In one sense, to say that rights are God-given is a tautology, in that everything in the universe is God-given. But the statement seems to entail something about rights being "given," as were the positive rights granted by medieval sovereigns or the rights accruing in virtue of culture or heritage, as the British and American Whigs argued. God, of course, trumps sovereigns and culture, but there is still a suggestion of privileged humans lurking behind the statement; and where there is privilege, there can be exception. Rather than God looking down on humanity and at some point blessing it (or some of it) with rights, Kant wanted to think that, just as the word "human" entails reason and language and culture, the very meaning of "human" entails rights. Moreover, although not a consideration for Kant, to say that rights are God-given, discounts the possible role of evolution in the development of the human brain and human consciousness.

Had the Founders – especially the Southern Founders – had the benefit of Kant's analysis, perhaps, to be as intellectually honest as (we know) they strove to be, I think they would have had to face the slavery contradiction more squarely.

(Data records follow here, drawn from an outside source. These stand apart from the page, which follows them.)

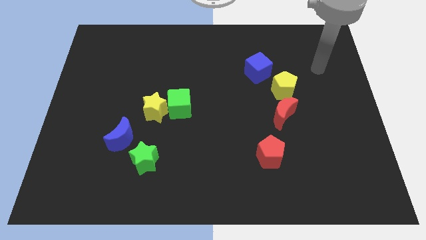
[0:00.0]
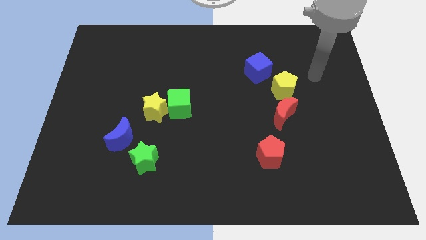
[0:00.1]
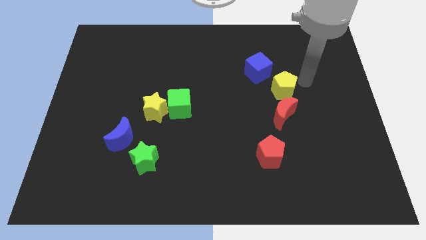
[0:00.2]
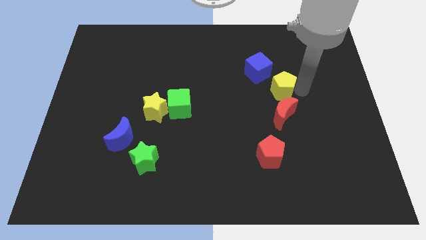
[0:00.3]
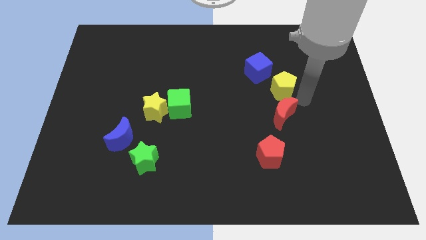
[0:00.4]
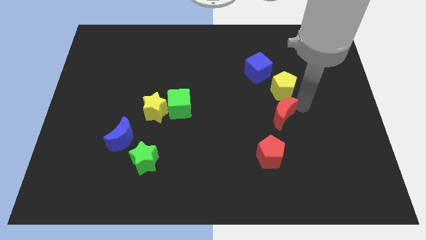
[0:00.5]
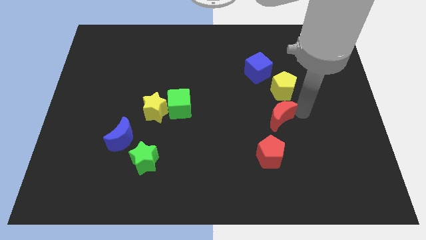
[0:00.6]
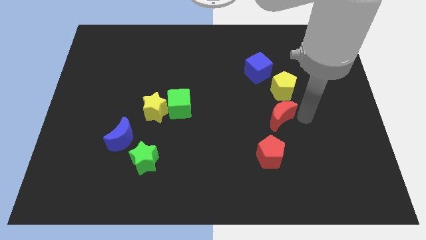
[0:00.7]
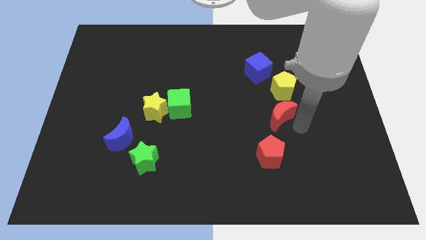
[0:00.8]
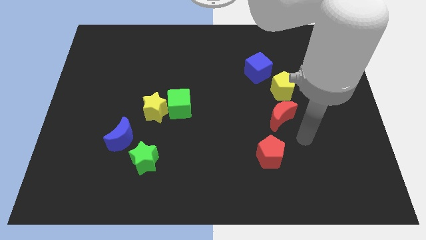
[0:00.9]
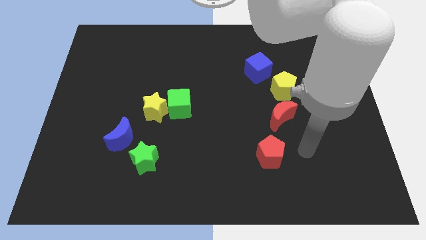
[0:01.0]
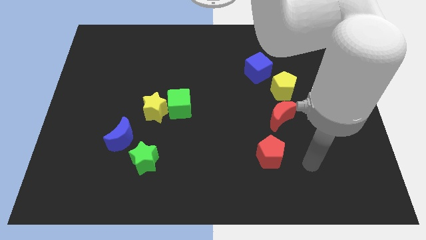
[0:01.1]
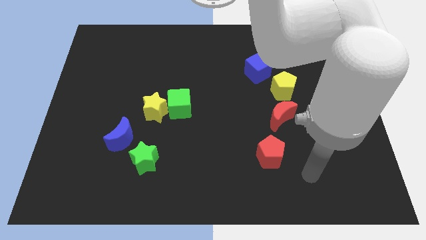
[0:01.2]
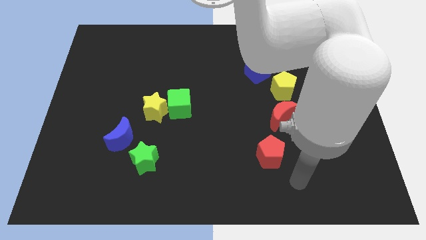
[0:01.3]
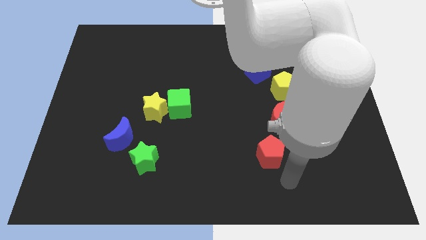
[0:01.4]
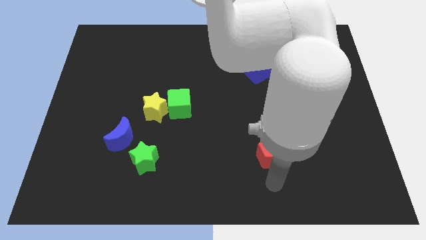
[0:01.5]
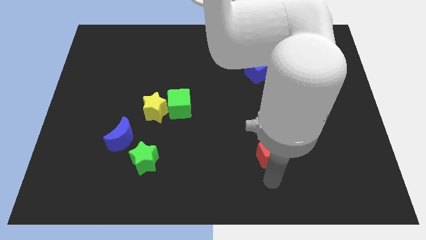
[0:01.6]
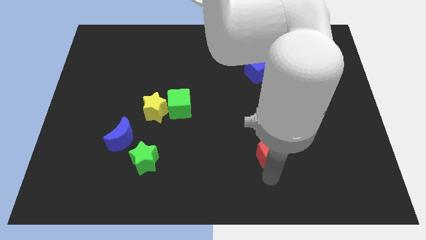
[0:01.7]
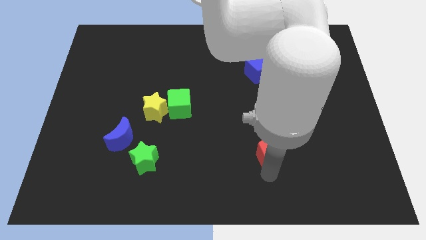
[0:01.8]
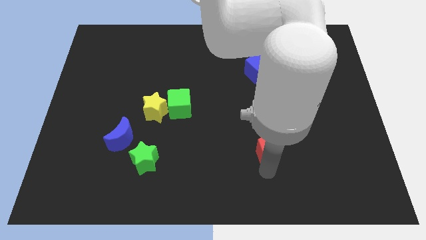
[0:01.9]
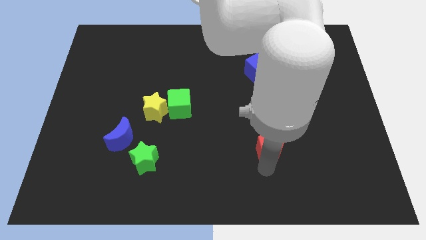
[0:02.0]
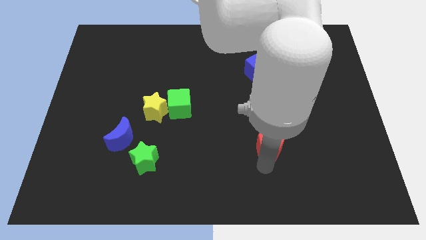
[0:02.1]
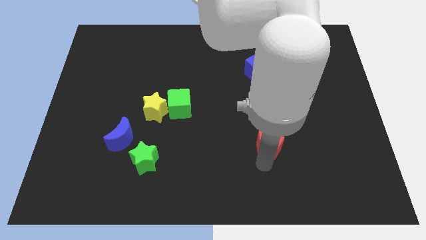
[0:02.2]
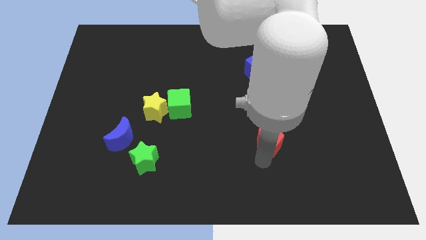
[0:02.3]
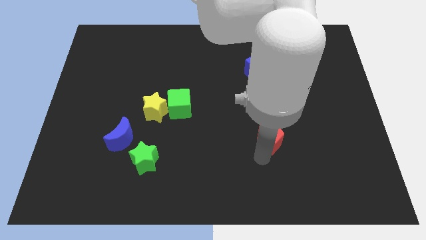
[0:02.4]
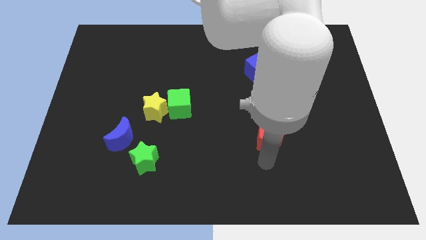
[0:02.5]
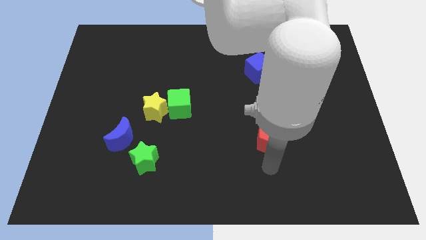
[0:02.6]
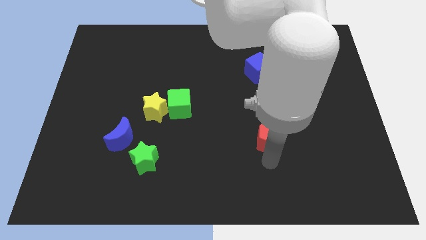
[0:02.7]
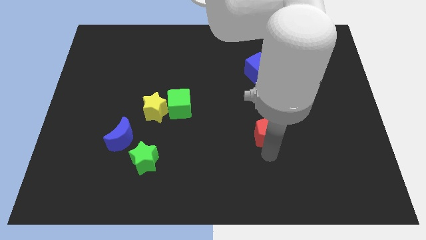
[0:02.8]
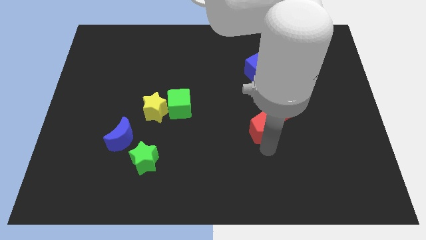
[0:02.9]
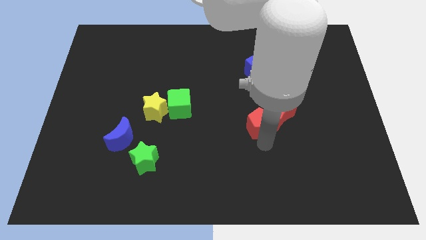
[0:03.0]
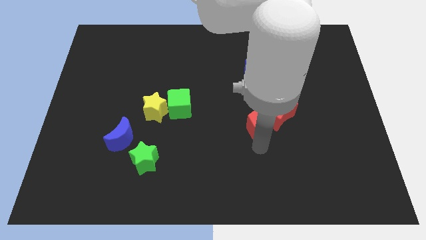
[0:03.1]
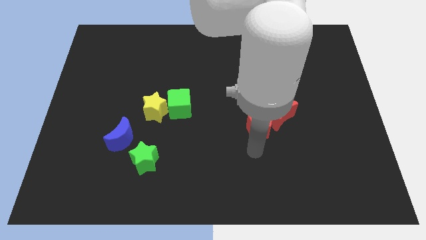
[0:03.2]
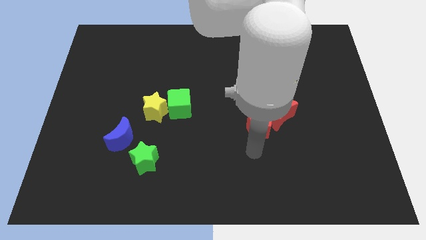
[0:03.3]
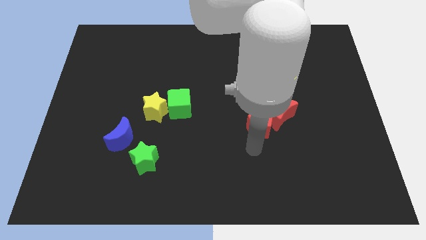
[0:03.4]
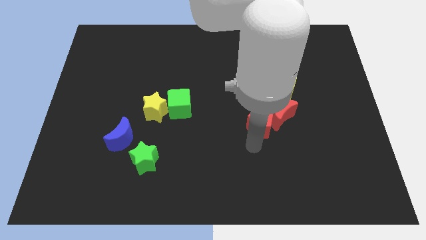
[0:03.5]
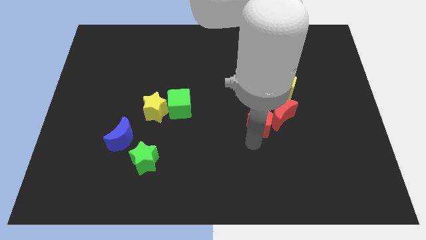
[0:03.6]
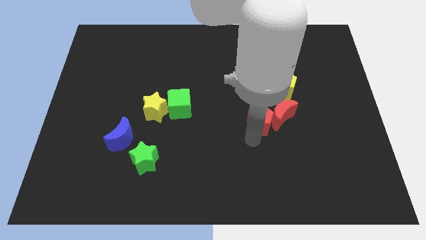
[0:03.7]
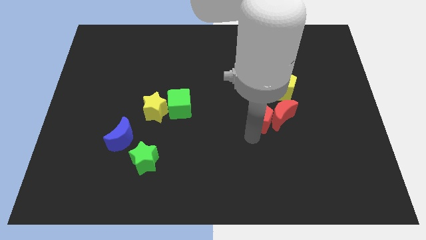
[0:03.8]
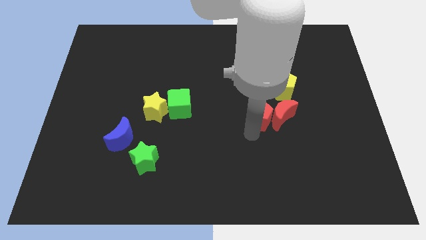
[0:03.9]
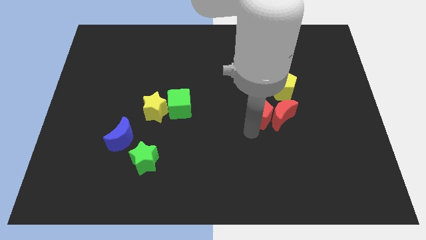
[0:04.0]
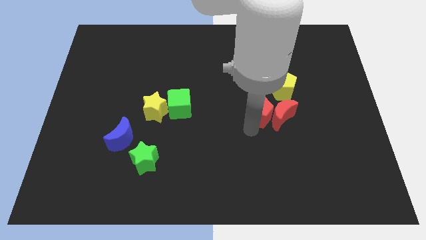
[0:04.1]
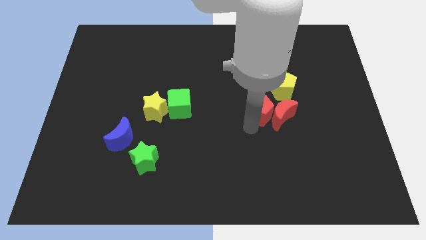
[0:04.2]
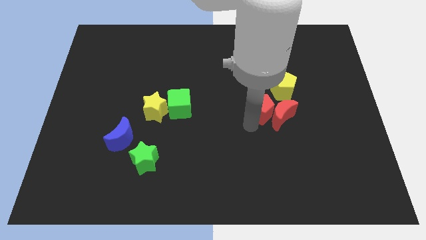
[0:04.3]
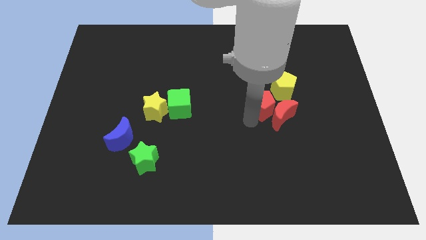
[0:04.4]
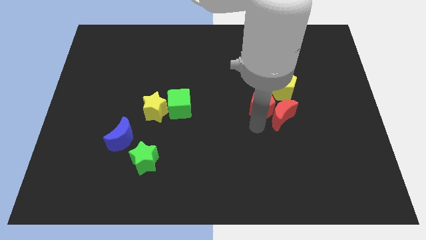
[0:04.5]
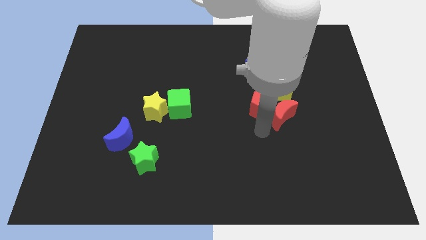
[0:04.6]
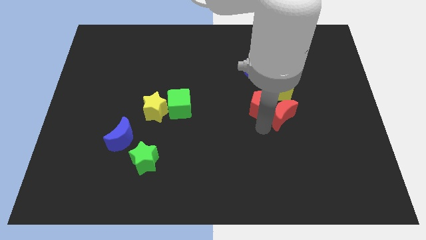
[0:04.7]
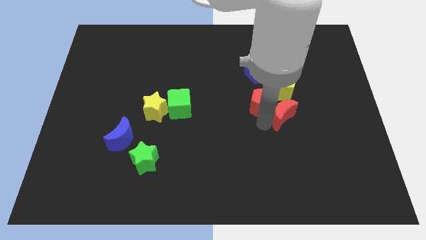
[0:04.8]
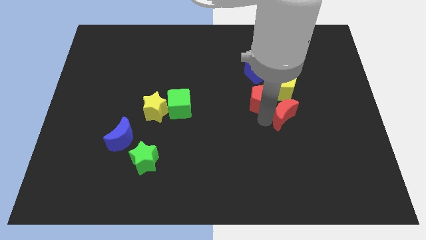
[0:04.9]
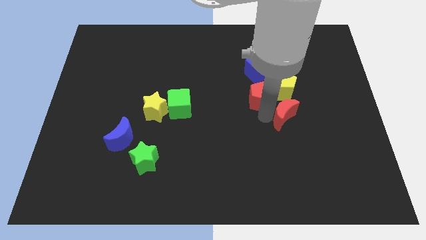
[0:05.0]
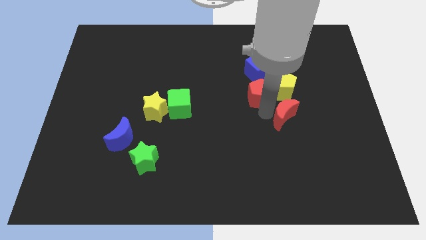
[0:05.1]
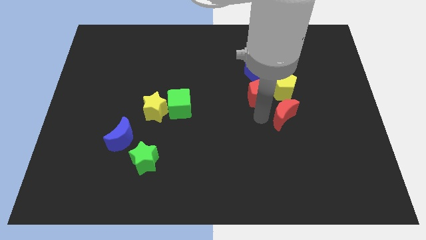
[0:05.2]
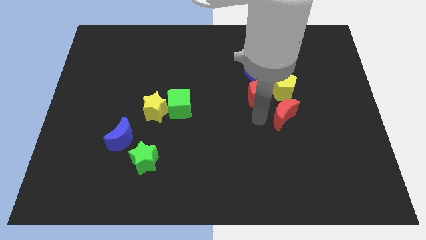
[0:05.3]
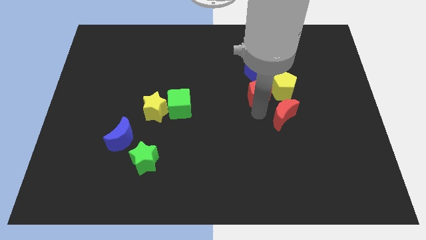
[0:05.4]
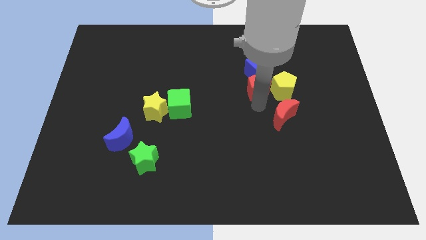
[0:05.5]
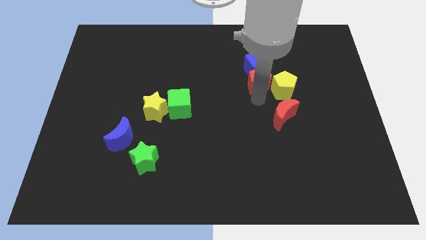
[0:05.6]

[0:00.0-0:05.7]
slide the red pentagon towards the blue cube

Even though some nineteenth century Southern Americans went so far as to argue that Africans were not human, no one engaged in the debates at the Constitutional Convention or during the ratification process made that assertion. The real problem was that, despite Jefferson's words in the Declaration of Independence, patriots were largely muddled about source of rights (whether from God or culture or some combination of the two). Most, many historians have argued, were motivated more to restore their Whiggish British rights that inured only to "members of society" than to recognize rights inuring to everyone. Africans and Native Americans may have been human, but they were not members of society.